Last Updated: May 31, 2022

Authored by Isaak Stotts, LP

The use of supplements for weight loss is significantly increasing today. Although some of these supplements are not approved by the FDA, many people consider them because they can be bought over-the-counter. In a study from Pennsylvania, women are most at risk of using weight loss pills. Aside from these OTC medications, there are also prescription diet pills for women and men, and these are the ones that can cause more dangers to health. In a clinical review of medical doctors from Maryland, it was reported that patients who are using these weight loss drugs were able to reduce 10% or more of their initial weight. Although these drugs are effective for weight loss, they might still cause an overdose. 

In this article, information about how do diet pills work, their side effects, are diet pills addictive, the signs of diet pill addiction and abuse, weight loss medications overdose, and withdrawal will be provided.

What Are Diet Pills?

So, what are diet pills? Another name for weight loss medications, these substances are prescription or over-the-counter drugs that help a person lose or control weight. Manufacturers produce diet pills for women and men under many labels and trademarks, and these are available as prescription drugs, over-the-counter drugs, and herbal drugs. No matter their form of sales, pharmaceutical companies compete and think of new ways to lure in more consumers. So, how do diet pills work?
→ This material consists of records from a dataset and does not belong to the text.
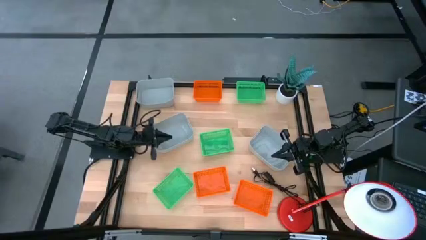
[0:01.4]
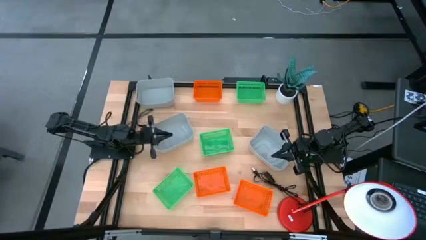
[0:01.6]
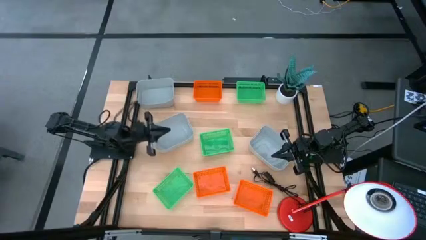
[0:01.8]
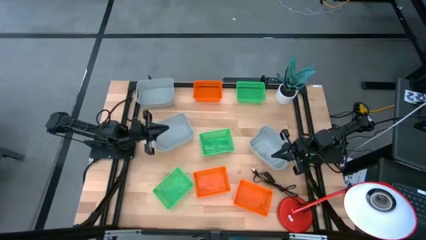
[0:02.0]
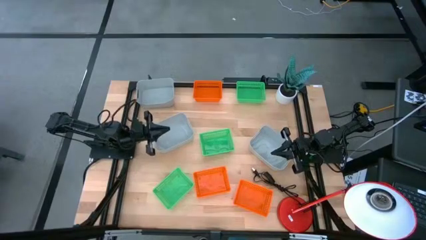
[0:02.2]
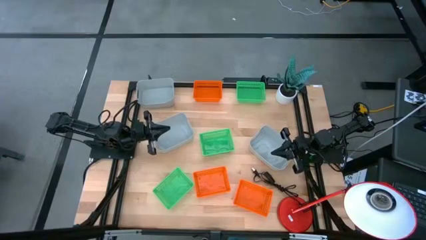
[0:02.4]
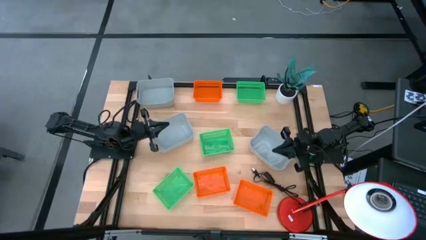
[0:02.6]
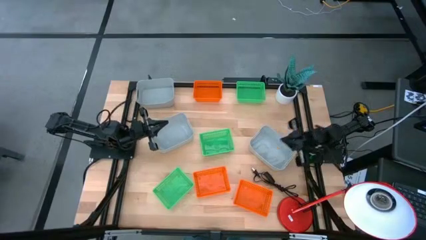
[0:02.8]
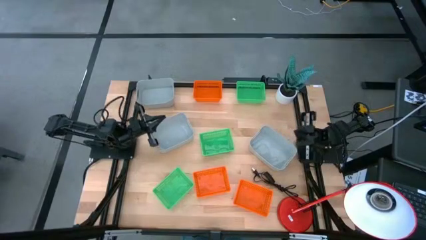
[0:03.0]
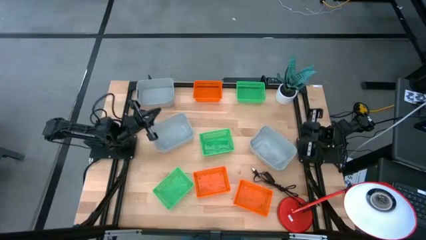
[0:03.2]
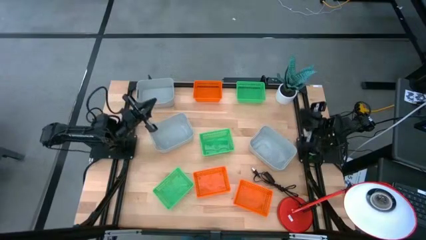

Based on the study of scientists from Switzerland, diet medications work by:

  • Suppressing appetite
  • Elevating one’s metabolic rate
  • Blocking the body’s ability to absorb fat
  • Creating a feeling of satiety because they expand in the stomach
  • Increasing waste or fluid elimination from the body

Take note that not all diet pills for women and men are approved by the U.S. Food and Drug Administration (FDA). What is more disconcerting is that these drugs are not subject to FDA regulations unless they contain a new, untested, or unapproved ingredient. So, manufacturers have the license to add ingredients of their choice or produce the pill without adhering to safety rules. Some ingredients are by nature addictive while others trigger toxic effects if these drugs are abused.

The Following are the Most Commonly-Abused Weight Loss Medications in the United States:

  • Benzphetamine (Didrex): This pill for those with an eating disorder resembles amphetamines in composition and function. It is commonly used for reducing appetite. But like amphetamines, this class of drugs is addictive.
  • Phentermine (Adipex, Ionamin): This weight loss medication is used to reduce the appetite of those with an eating disorder. It should ideally be used for a short period.
  • Diethylpropion (Tenuate, Tepanil): This is also a short-term appetite-suppressing drug.
  • Mazindol (Mazanor, Sanorex): Although this drug is prescribed for the treatment of some forms of muscular dystrophy, many people abuse it for its appetite-suppressing properties.
  • Pramlintide: This drug induces a feeling of fullness by prolonging the process through which the contents of the stomach are emptied.
  • Orlistat: This weight loss medication is believed to lessen the rate of absorption of dietary fat in the body.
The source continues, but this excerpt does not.